_Your instructions_
An exact copy of the records below is required, and it must contain no pictures.

_Input records_
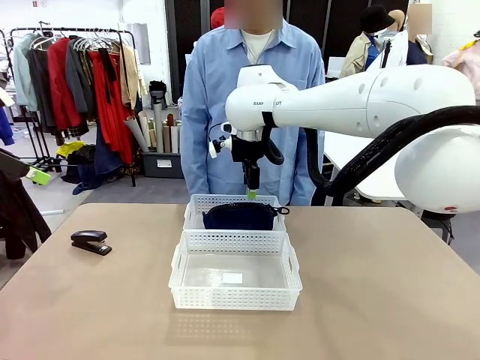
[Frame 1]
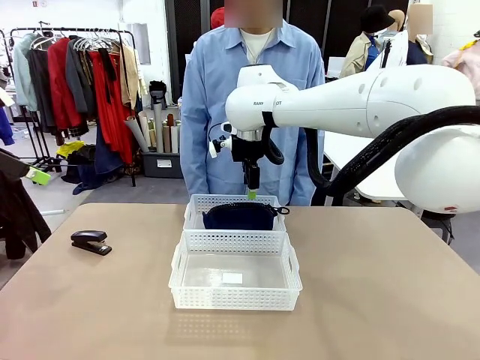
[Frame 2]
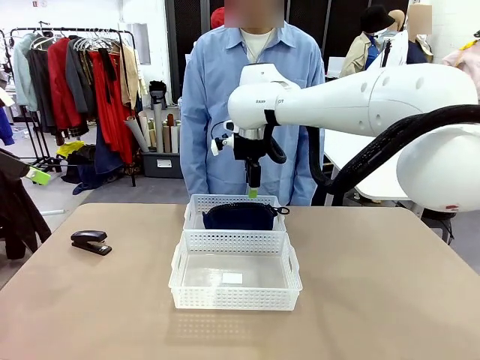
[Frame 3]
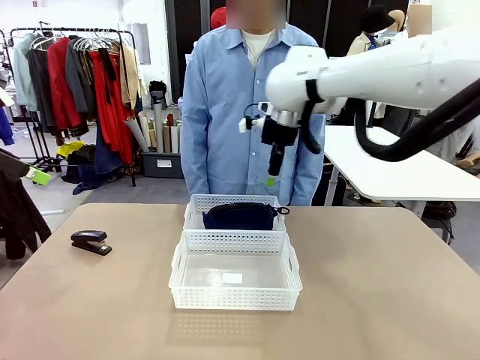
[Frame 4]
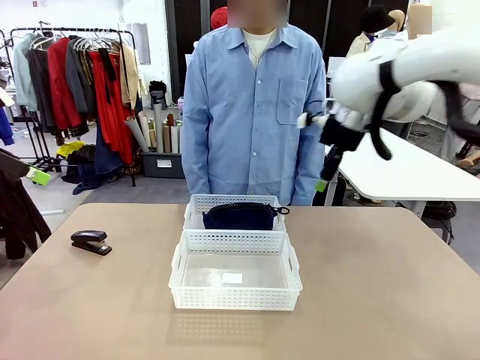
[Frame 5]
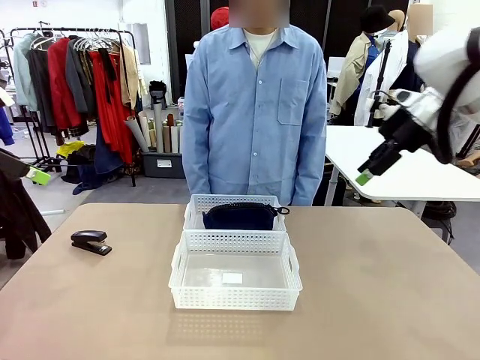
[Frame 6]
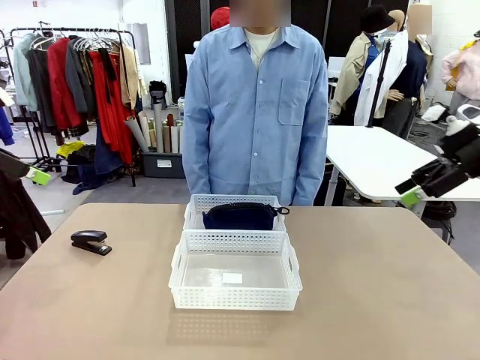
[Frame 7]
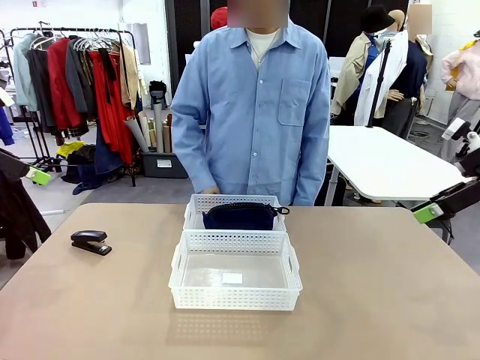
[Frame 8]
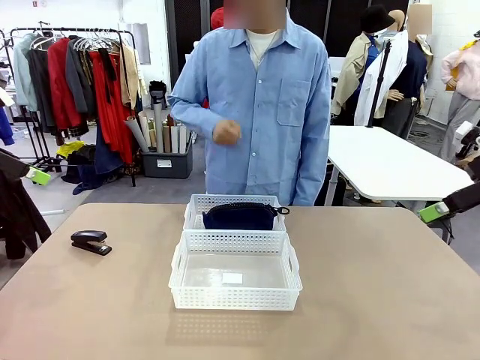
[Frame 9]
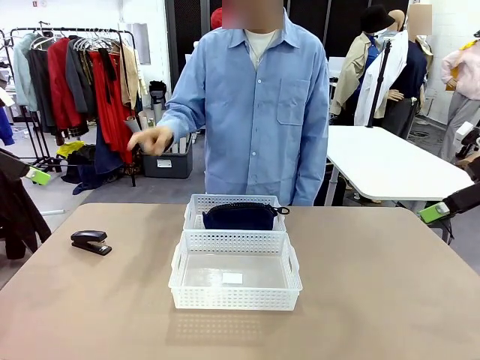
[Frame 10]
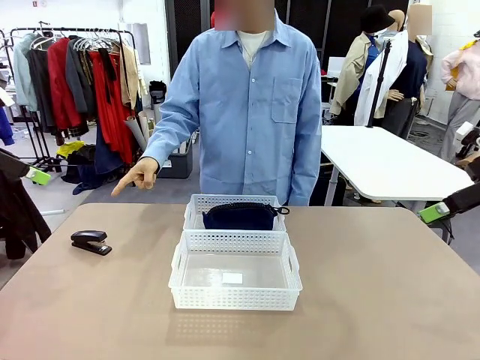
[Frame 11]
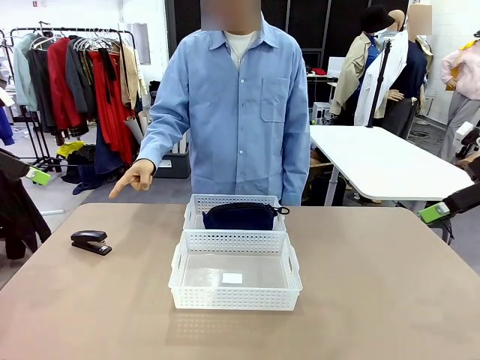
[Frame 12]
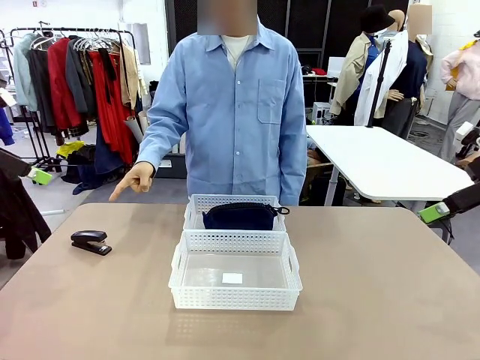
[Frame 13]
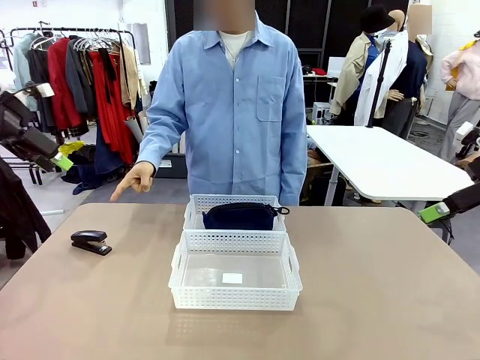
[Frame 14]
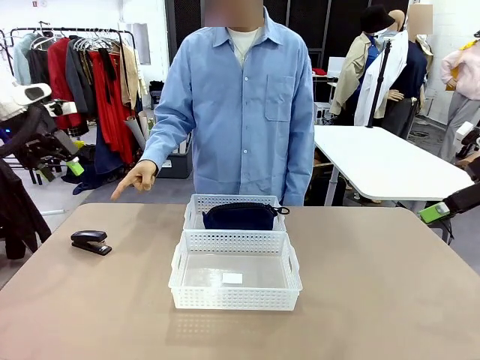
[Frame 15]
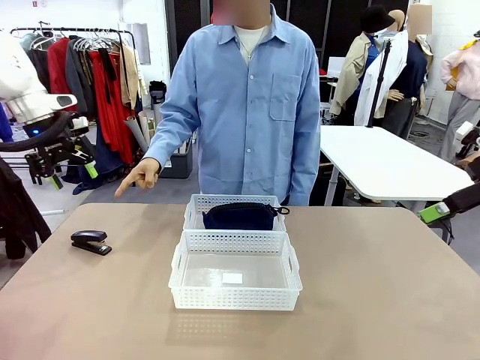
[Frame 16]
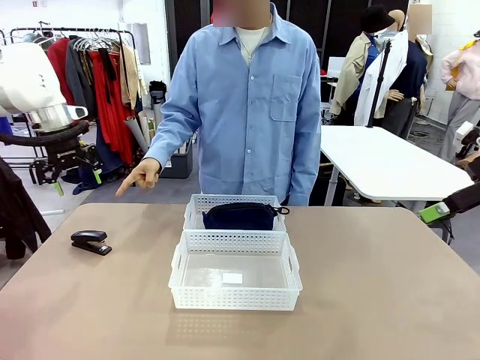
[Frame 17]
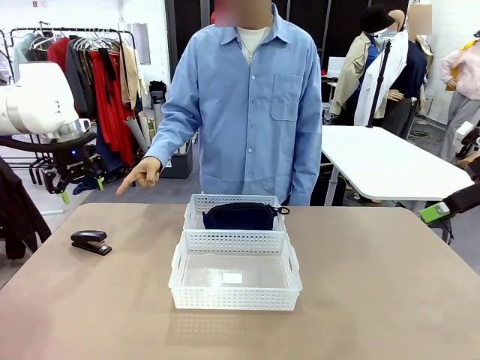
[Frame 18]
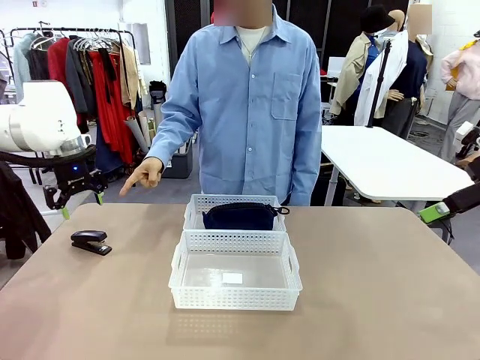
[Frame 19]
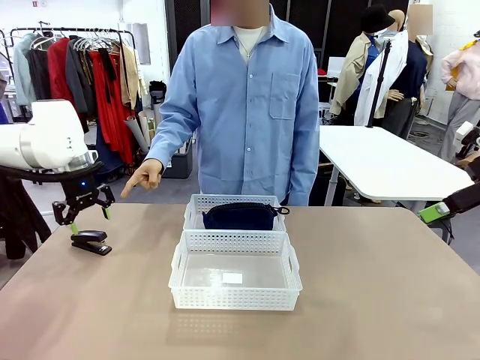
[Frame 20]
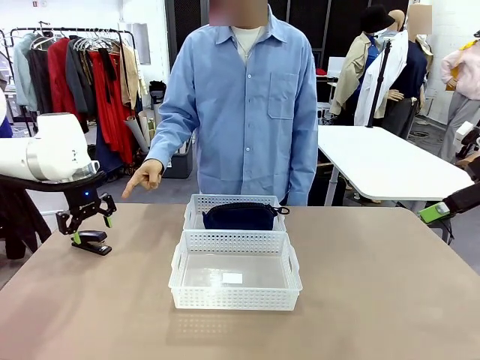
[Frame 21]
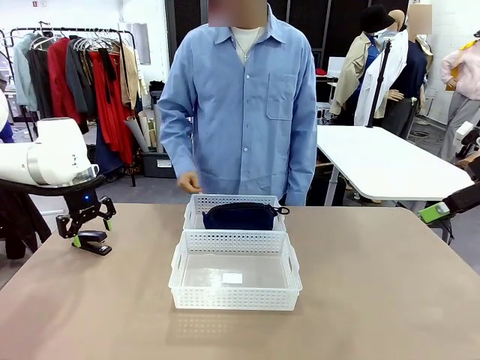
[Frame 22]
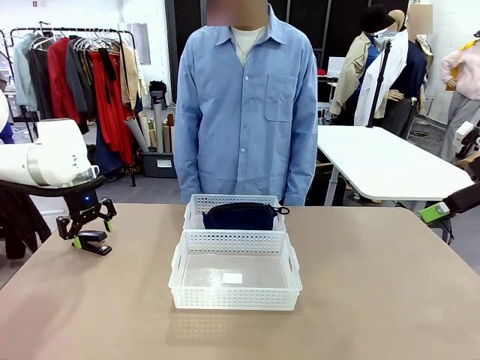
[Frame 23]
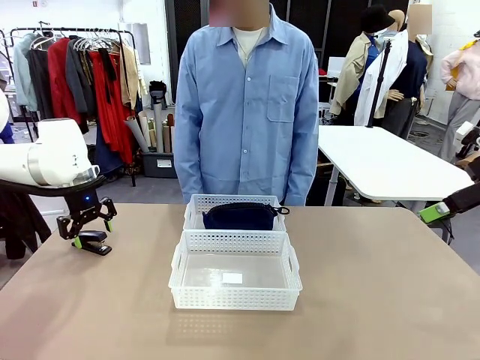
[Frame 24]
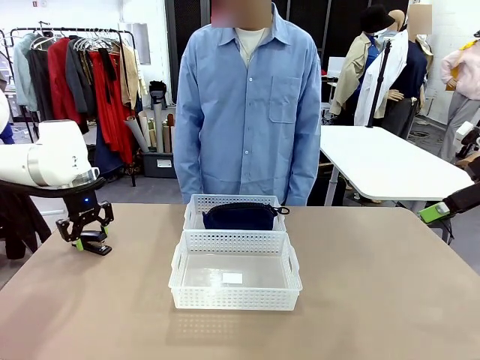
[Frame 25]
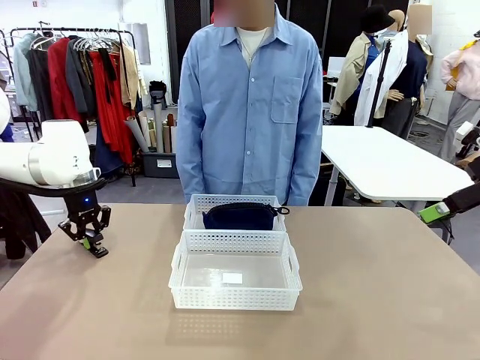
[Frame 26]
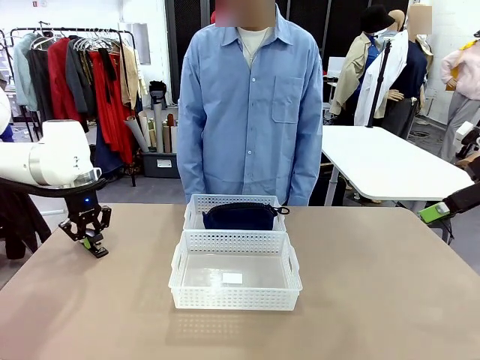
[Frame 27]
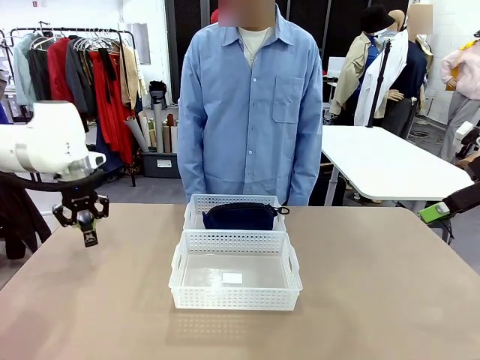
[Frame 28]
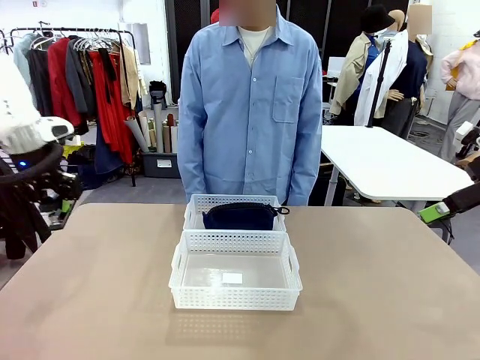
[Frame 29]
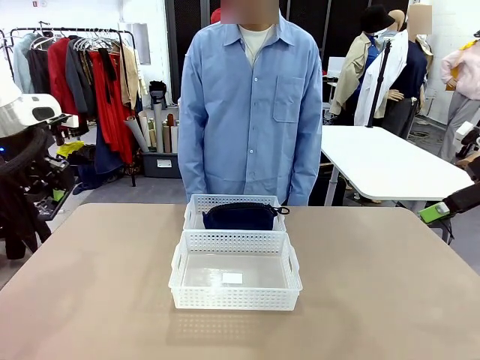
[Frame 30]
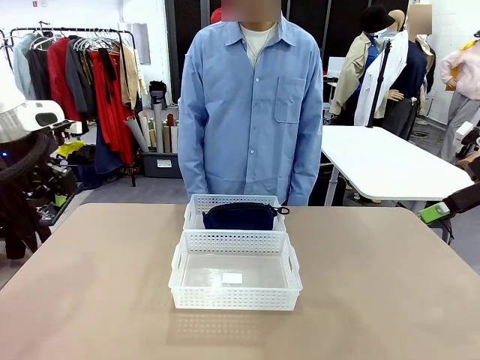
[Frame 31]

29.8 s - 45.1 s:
Task: Distribute items into two baskets.
Robot: Pick up the Stapler that the person points to.

_Output for this exercise_
[Frame 1]
[Frame 2]
[Frame 3]
[Frame 4]
[Frame 5]
[Frame 6]
[Frame 7]
[Frame 8]
[Frame 9]
[Frame 10]
[Frame 11]
[Frame 12]
[Frame 13]
[Frame 14]
[Frame 15]
[Frame 16]
[Frame 17]
[Frame 18]
[Frame 19]
[Frame 20]
[Frame 21]
[Frame 22]
[Frame 23]
[Frame 24]
[Frame 25]
[Frame 26]
[Frame 27]
[Frame 28]
[Frame 29]
[Frame 30]
[Frame 31]

29.8 s - 45.1 s:
Task: Distribute items into two baskets.
Robot: Pick up the Stapler that the person points to.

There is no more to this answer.